**Your goal**
Repeat every line of the data exactly; the pictures stay out.
Exercise data below:
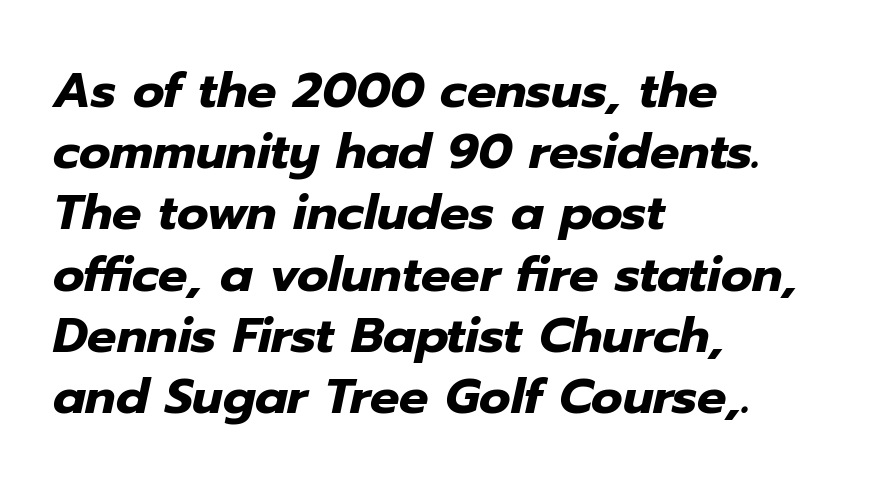
Glyph-to-glyph distance matches everyday printed text. Quick note: underline off. The text carries the slant typical of an italic or oblique font. Here the designer chose a conventional face with non-uniform glyph widths. If you drew a ruler down the left edge, every line would touch it. If you measured baseline to baseline, you'd find a middling distance.
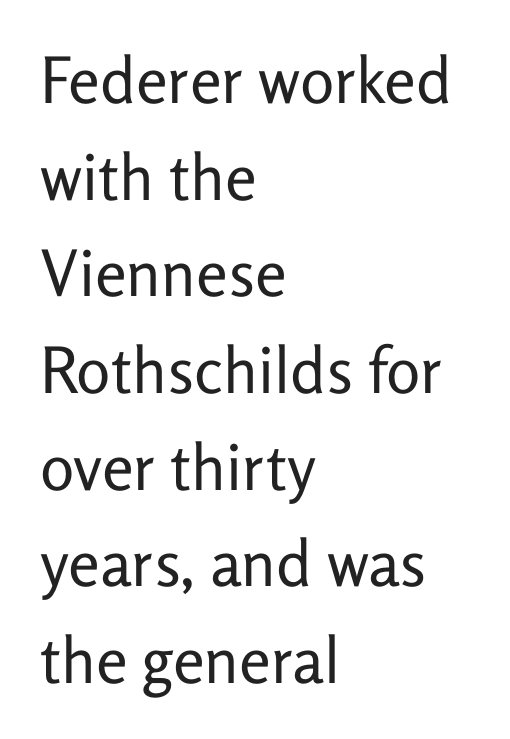
Q: Is the text bold? A: No.
Q: Is the text italic (slanted)? A: No, it is upright.
Q: Is the typeface a serif or a sans-serif typeface? A: Sans-serif.
Q: Is the text underlined? A: No.
Q: How is the paragraph aligned? A: Left-aligned.
Q: Is the spacing between letters normal or unusually wide? A: Normal.
Q: Is the spacing between lines tight, normal or loose? A: Normal.
Q: Width (condensed, normal, or wide)? A: Normal.
Q: Stroke contrast? A: Low.
Q: x-height? A: Medium.
Q: Monospaced? A: No.
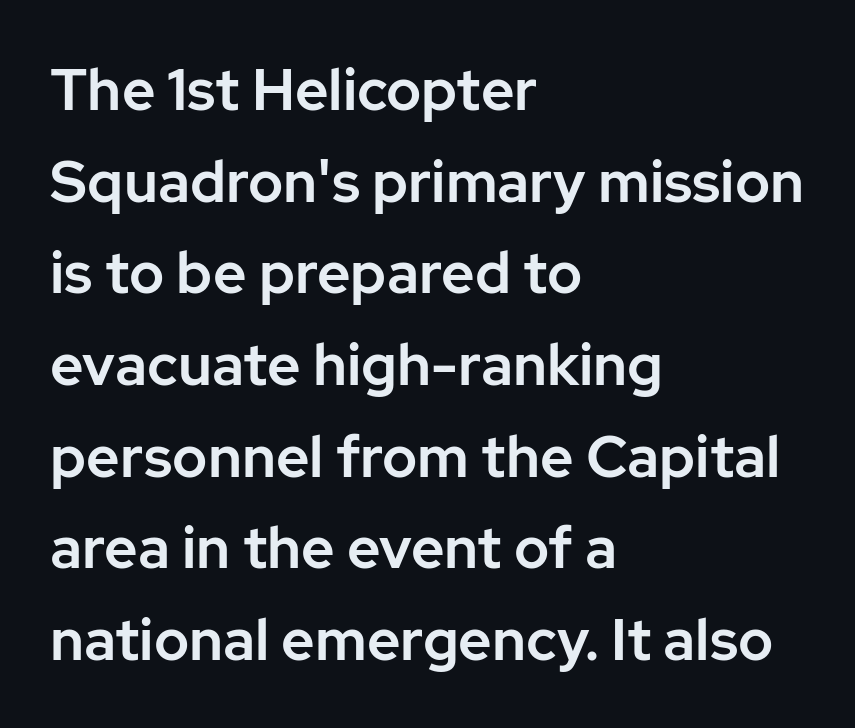
The image shows 58 px sans-serif type, upright; set left-aligned, normal line spacing (1.58x), normal letter spacing, not underlined; low stroke contrast and a medium x-height.
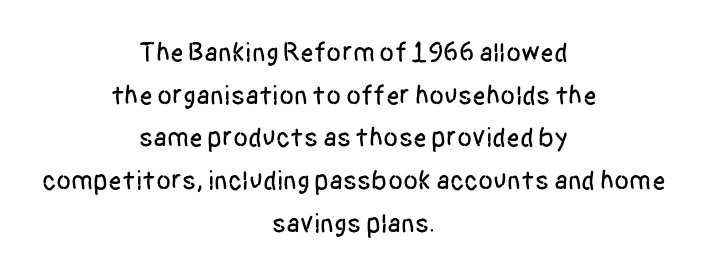
The image shows 27 px text type, upright; set centered, normal line spacing (1.58x), normal letter spacing, not underlined.
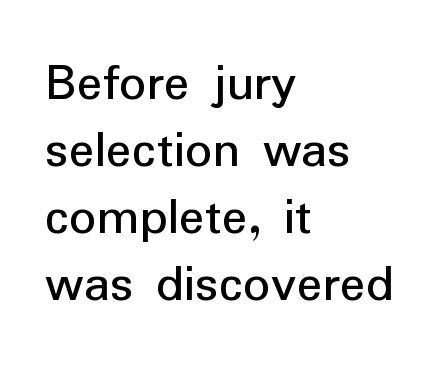
{"serif": "no", "italic": "no", "bold": "no", "weight": "regular", "width": "normal", "stroke_contrast": "low", "x_height": "medium", "monospaced": "no", "underline": "no", "align": "left", "line_spacing_ratio": 1.24, "letter_spacing": "normal", "letter_spacing_em": 0.0, "glyph_px": 54}
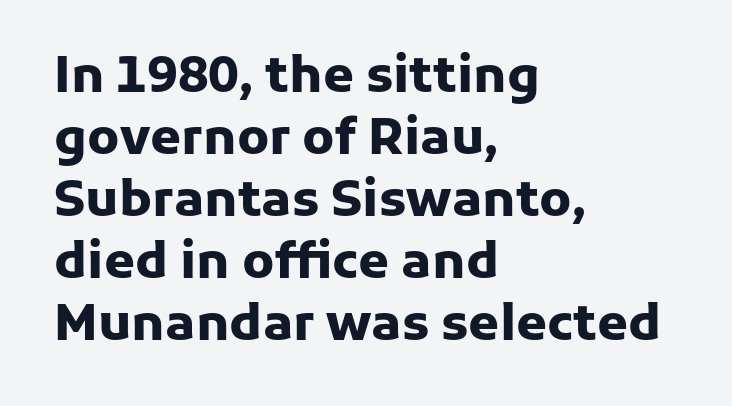
Q: Is the text bold? A: Yes.
Q: Is the text italic (slanted)? A: No, it is upright.
Q: Is the typeface a serif or a sans-serif typeface? A: Sans-serif.
Q: Is the text underlined? A: No.
Q: How is the paragraph aligned? A: Left-aligned.
Q: Is the spacing between letters normal or unusually wide? A: Normal.
Q: Width (condensed, normal, or wide)? A: Normal.
Q: Stroke contrast? A: Low.
Q: x-height? A: Medium.
Q: Monospaced? A: No.
End of Exercise data.
**Output**
Glyph-to-glyph distance matches everyday printed text. Quick note: underline off. The text carries the slant typical of an italic or oblique font. Here the designer chose a conventional face with non-uniform glyph widths. If you drew a ruler down the left edge, every line would touch it. If you measured baseline to baseline, you'd find a middling distance.
Q: Is the text bold? A: No.
Q: Is the text italic (slanted)? A: No, it is upright.
Q: Is the typeface a serif or a sans-serif typeface? A: Sans-serif.
Q: Is the text underlined? A: No.
Q: How is the paragraph aligned? A: Left-aligned.
Q: Is the spacing between letters normal or unusually wide? A: Normal.
Q: Is the spacing between lines tight, normal or loose? A: Normal.
Q: Width (condensed, normal, or wide)? A: Normal.
Q: Stroke contrast? A: Low.
Q: x-height? A: Medium.
Q: Monospaced? A: No.
The image shows 58 px sans-serif type, upright; set left-aligned, normal line spacing (1.58x), normal letter spacing, not underlined; low stroke contrast and a medium x-height.
The image shows 27 px text type, upright; set centered, normal line spacing (1.58x), normal letter spacing, not underlined.
{"serif": "no", "italic": "no", "bold": "no", "weight": "regular", "width": "normal", "stroke_contrast": "low", "x_height": "medium", "monospaced": "no", "underline": "no", "align": "left", "line_spacing_ratio": 1.24, "letter_spacing": "normal", "letter_spacing_em": 0.0, "glyph_px": 54}
Q: Is the text bold? A: Yes.
Q: Is the text italic (slanted)? A: No, it is upright.
Q: Is the typeface a serif or a sans-serif typeface? A: Sans-serif.
Q: Is the text underlined? A: No.
Q: How is the paragraph aligned? A: Left-aligned.
Q: Is the spacing between letters normal or unusually wide? A: Normal.
Q: Width (condensed, normal, or wide)? A: Normal.
Q: Stroke contrast? A: Low.
Q: x-height? A: Medium.
Q: Monospaced? A: No.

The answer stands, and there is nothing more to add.